Preference given to freelancers who can complete the project within 24-48 hours and who have R and Random Forest experience. You will need to be very familiar with Random Forests and R as I am not and can not provide much assistance.
Essentially, I am looking for an small enhancement of the Random Forest process in the R GUI called Rattle. From what I can tell by looking at the R Add-In called Party, there are a number of functions included which might mean adding perhaps 5-15 additional lines of code to what I already have (although I could certainly be off on that estimate).
Using the R GUI called Rattle, I can easily select my dataset (see below) and choose a single Y, as well as the random seed, and choose the ratio of training to testing data. Next, I execute the RF (Random Forest) model choosing only the number of trees (default is 500) and the number of predictors (default is the integer of the square root of m total predictors). From this, R (through Rattle's code) gives me the Out-of-Bag Error and the traditional 2x2 classification grid for both training and testing data. Not including the 5 seconds it takes R to run the code, I can set up this scenario from scratch in less than 1 minute. Due to Rattle’s limitations, I can only execute for a single Y at a time. This issue, as well as the inability to aggregate those Out-of-Bag results, is my problem.
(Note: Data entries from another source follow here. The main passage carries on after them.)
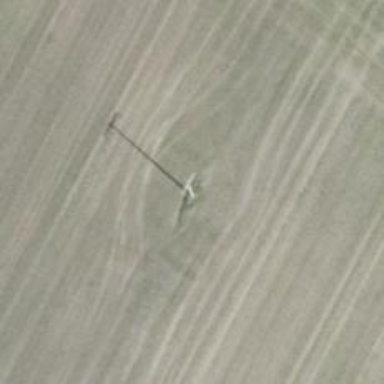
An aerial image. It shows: Power pole.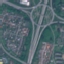
Label: Highway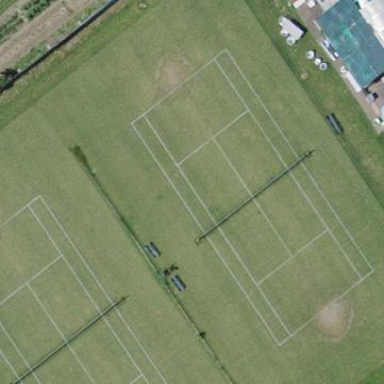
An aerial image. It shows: Grass tennis pitch for leisure and sport activities.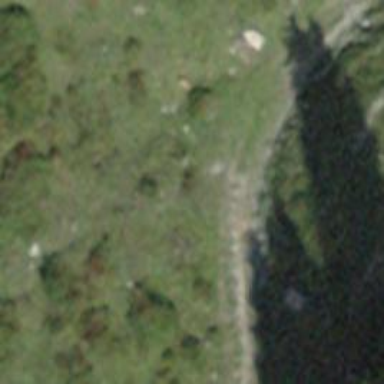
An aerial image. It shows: Path.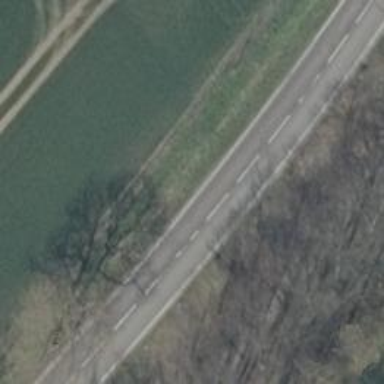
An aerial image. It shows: Secondary road with asphalt surface.

The algorithm above is outlined very succinctly at [url removed, login to view]~dzeng/BIOS740/[url removed, login to view] on the first page under the title “The algorithm” and is covered in the listed points 1, 2, 3 and 1. Essentially, what I need done is the very next point they list that says:
2. Aggregated the OOB predictions. (On the average, each data point would be out-of-bag around 36% of the times, so aggregate these predictions.) Calculate the error rate, and call it the OOB estimate of error rate.
However, as I am really after the PPV (Positive Prediction Value - i.e. where a 1 is predicted for Yn) and not the global OOB error (due to my data being skewed towards y-values of 0) of the models, I am more interested in the raw prediction counts so I can calculate error rates myself.
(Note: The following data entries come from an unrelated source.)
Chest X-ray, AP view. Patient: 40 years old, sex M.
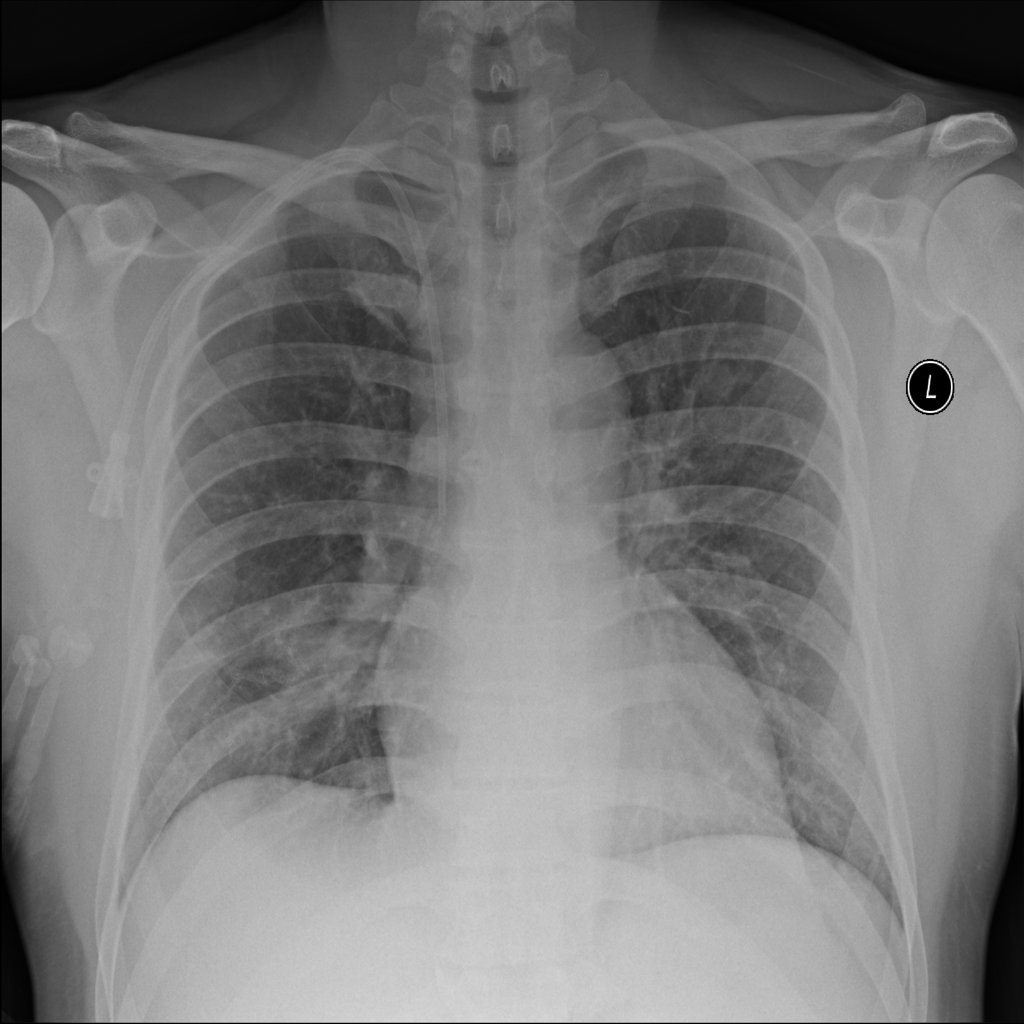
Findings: Infiltration

I will supply a CSV data sample of ~4000 observations (~50/50 training/testing split) with multiple binary Y's and multiple binary X's and one continuous X (an integer ranging from 0 to ~30) for each observation. I can even supply the R code from Rattle for the procedure I am currently using.
I would like your R code to be able to accept the following inputs from me:
-observations in the format: Observation #, Y1…Yn, X1…Xm
-random seed value
-number of trees value (default is 500)
-number of predictors to be randomly sampled (default is the integer of the square root of m total predictors)
-number of rows at bottom of data list for holdout data (to be scored each round)
-number of rounds (which will be ~1,000 – 1,000,000)
I would like your R code to be able to supply the following outputs to me:
-CSV file with full original data plus the aggregated OOB prediction totals (for both training and testing data) for each observation for each Y (i.e. the number of times the OOB prediction was 0 for each observation for each Y and the number of times the OOB prediction was 1 for each observation for each Y)
If you happen to be aware of an open source R GUI that will already do all of the above for me (and that I can understand and use), you can just help me install it and will not need to supply the R code. As long as it works for me, the project will be considered completed.